#### YOUR ASSIGNMENT:
Could you find every line in the entries below that holds the word "baseline" and copy it?

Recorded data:
┌──
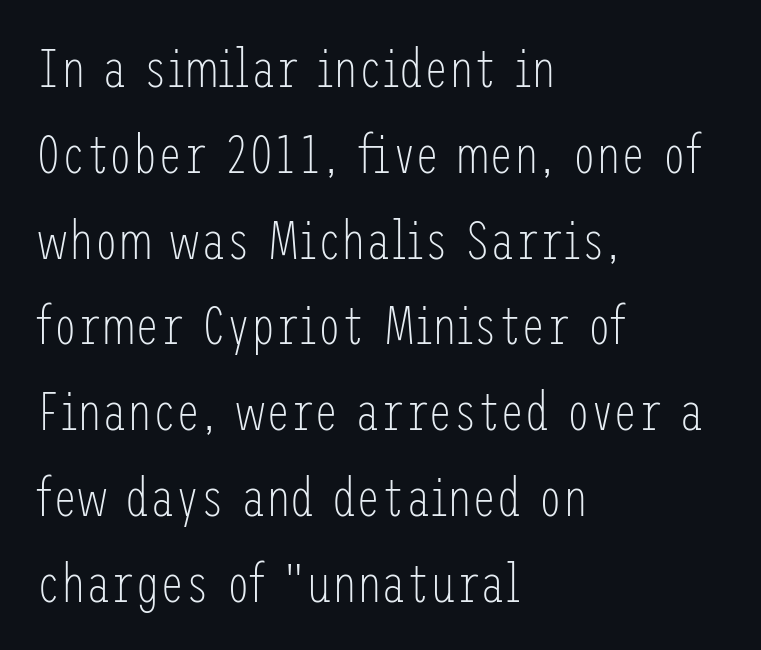
{"serif": "no", "italic": "no", "bold": "no", "weight": "light", "width": "condensed", "stroke_contrast": "low", "x_height": "medium", "underline": "no", "align": "left", "line_spacing": "normal", "line_spacing_ratio": 1.56, "letter_spacing": "normal", "letter_spacing_em": 0.0, "glyph_px": 55}
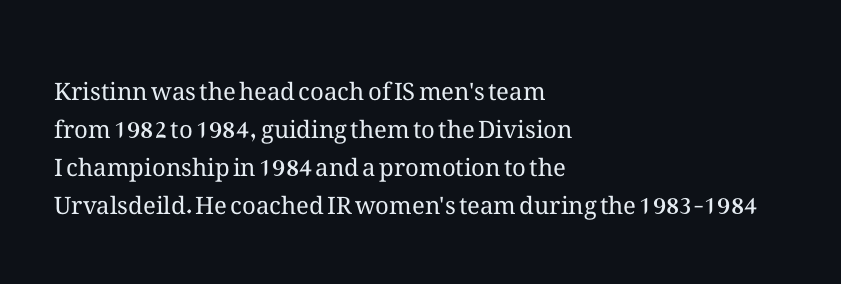
{"italic": "no", "bold": "no", "underline": "no", "align": "left", "line_spacing": "normal", "line_spacing_ratio": 1.59, "letter_spacing": "normal", "letter_spacing_em": 0.0, "glyph_px": 24}
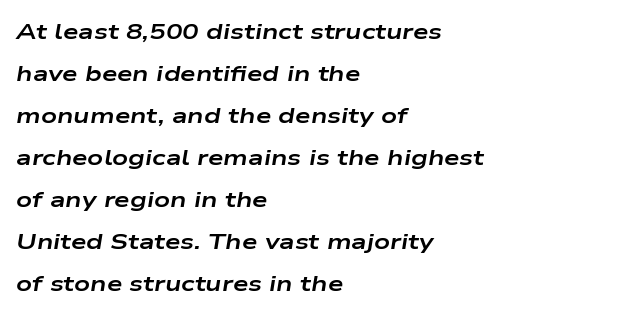
Q: Is the text bold? A: Yes.
Q: Is the text italic (slanted)? A: Yes, it leans right by about 9 degrees.
Q: Is the text underlined? A: No.
Q: How is the paragraph aligned? A: Left-aligned.
Q: Is the spacing between letters normal or unusually wide? A: Normal.
Q: Is the spacing between lines tight, normal or loose? A: Loose.
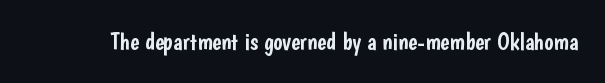
{"italic": "no", "underline": "no", "letter_spacing": "normal", "letter_spacing_em": 0.0, "glyph_px": 24}
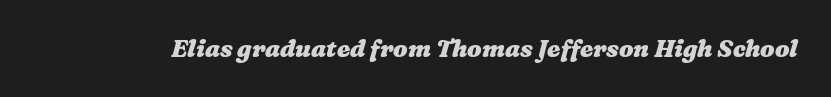
Q: Is the text bold? A: Yes.
Q: Is the text underlined? A: No.
Q: Is the spacing between letters normal or unusually wide? A: Normal.
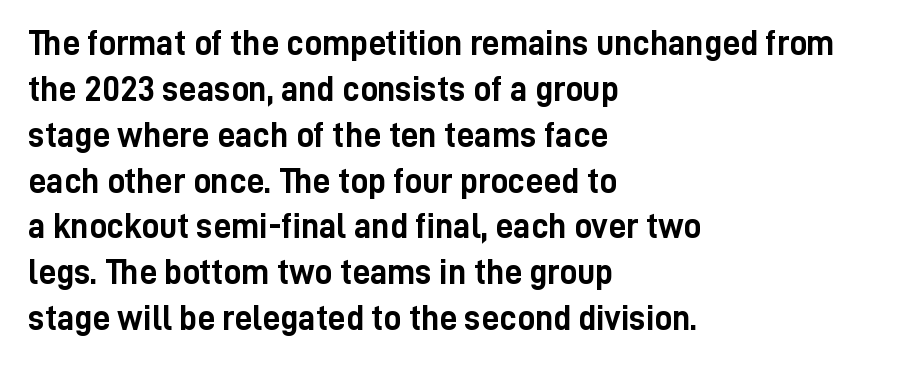
{"serif": "no", "italic": "no", "bold": "yes", "weight": "semibold", "width": "condensed", "stroke_contrast": "low", "x_height": "medium", "monospaced": "no", "underline": "no", "align": "left", "line_spacing": "normal", "line_spacing_ratio": 1.31, "letter_spacing": "normal", "letter_spacing_em": 0.0, "glyph_px": 35}
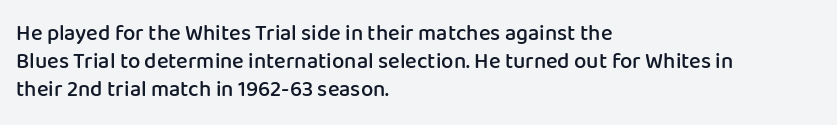
The image shows 22 px text type, upright; set left-aligned, normal line spacing (1.28x), normal letter spacing, not underlined.
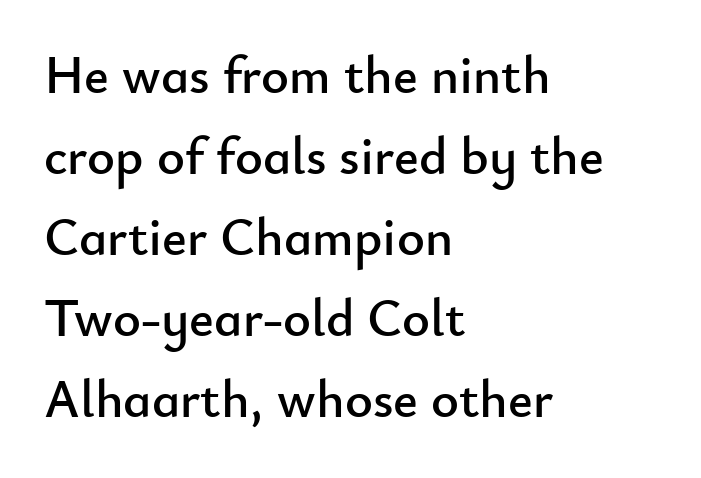
{"serif": "no", "italic": "no", "width": "normal", "stroke_contrast": "low", "x_height": "small", "monospaced": "no", "underline": "no", "align": "left", "line_spacing": "normal", "line_spacing_ratio": 1.53, "letter_spacing": "normal", "letter_spacing_em": 0.0, "glyph_px": 53}
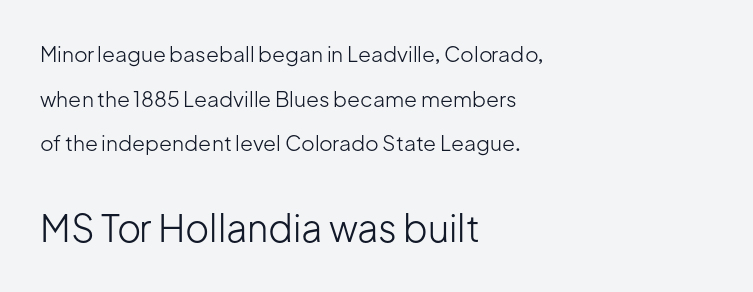
The face used here is rendered with its standard letterfit. This sample uses an upright cut, with every glyph sitting square on the baseline. Does the bottom block carry the larger type? Yes, it does. The letters carry no serifs — their stems end cleanly without finishing strokes.
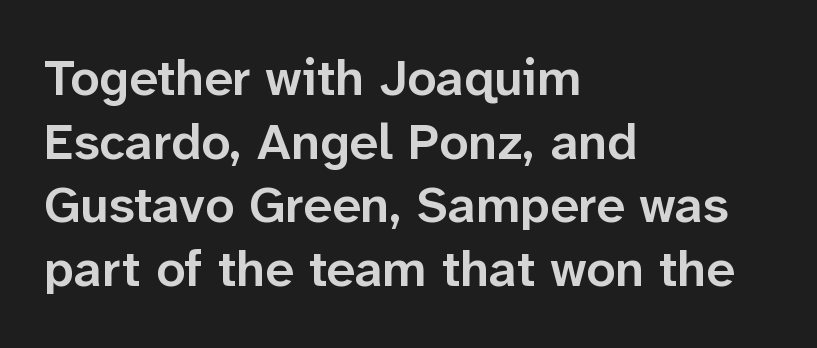
Q: Is the text bold? A: Semi-bold.
Q: Is the text italic (slanted)? A: No, it is upright.
Q: Is the typeface a serif or a sans-serif typeface? A: Sans-serif.
Q: Is the text underlined? A: No.
Q: How is the paragraph aligned? A: Left-aligned.
Q: Is the spacing between letters normal or unusually wide? A: Normal.
Q: Is the spacing between lines tight, normal or loose? A: Normal.
Q: Width (condensed, normal, or wide)? A: Normal.
Q: Stroke contrast? A: Low.
Q: x-height? A: Medium.
Q: Monospaced? A: No.
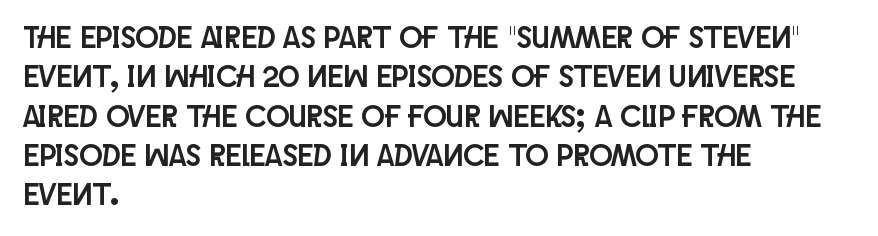
The image shows 31 px condensed sans-serif type, upright; set left-aligned, normal line spacing (1.27x), normal letter spacing, not underlined; low stroke contrast and a large x-height.
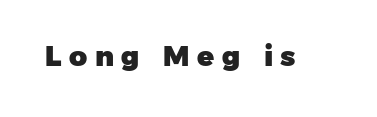
The image shows 28 px heavy sans-serif type; set unusually wide letter spacing (+0.27 em), not underlined; low stroke contrast and a medium x-height.
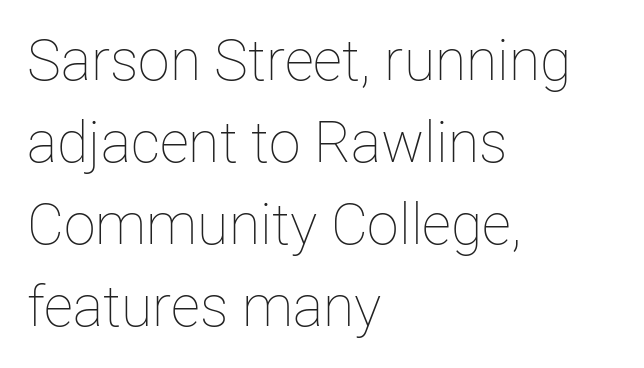
The image shows 57 px thin type, upright; set left-aligned, normal line spacing (1.44x), normal letter spacing, not underlined; low stroke contrast and a medium x-height.
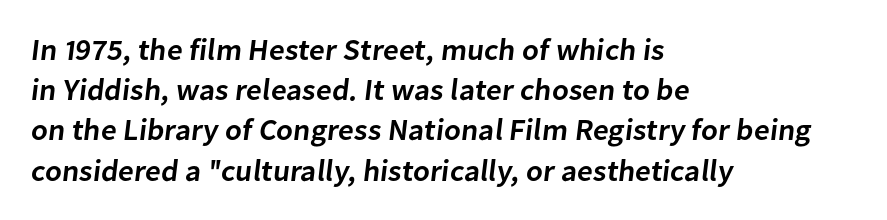
{"serif": "no", "bold": "semi", "weight": "semibold", "width": "normal", "stroke_contrast": "low", "x_height": "medium", "monospaced": "no", "underline": "no", "align": "left", "line_spacing": "normal", "line_spacing_ratio": 1.34, "letter_spacing": "normal", "letter_spacing_em": 0.0, "glyph_px": 30}
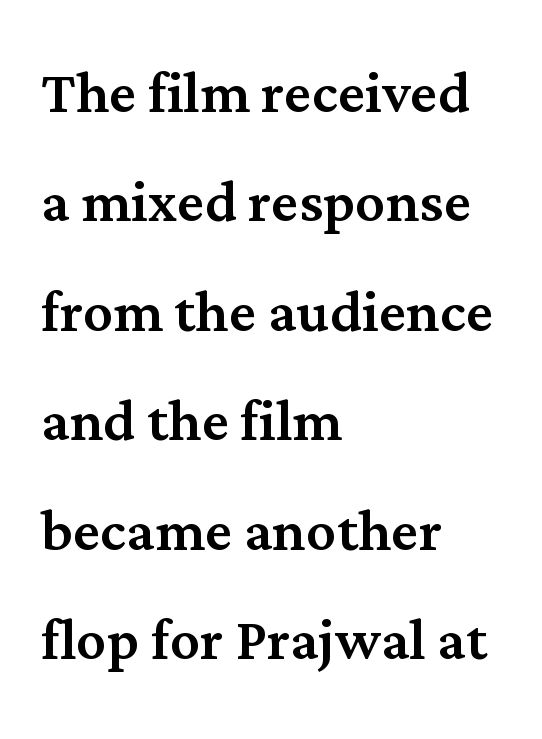
{"serif": "yes", "italic": "no", "width": "normal", "stroke_contrast": "medium", "x_height": "medium", "monospaced": "no", "underline": "no", "align": "left", "line_spacing": "normal", "line_spacing_ratio": 1.46, "letter_spacing": "normal", "letter_spacing_em": 0.0, "glyph_px": 75}
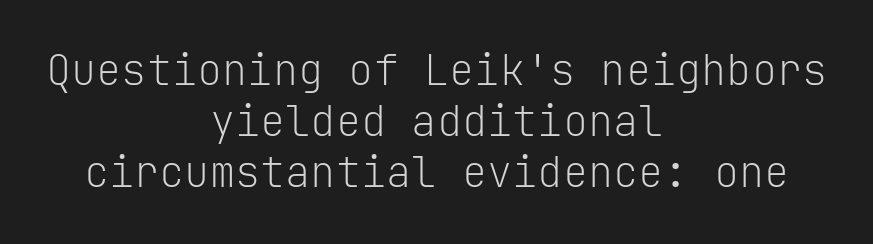
Which margin do the lines hug? Neither — every line sits in the middle. Descender tails drop into unmarked territory. Spacing between characters is what you'd get straight out of the box. Every stem runs plumb, perpendicular to the baseline.
└──
#### SOLUTION FOR THIS TASK:
The face used here is rendered with its standard letterfit. This sample uses an upright cut, with every glyph sitting square on the baseline. Does the bottom block carry the larger type? Yes, it does. The letters carry no serifs — their stems end cleanly without finishing strokes.
Which margin do the lines hug? Neither — every line sits in the middle. Descender tails drop into unmarked territory. Spacing between characters is what you'd get straight out of the box. Every stem runs plumb, perpendicular to the baseline.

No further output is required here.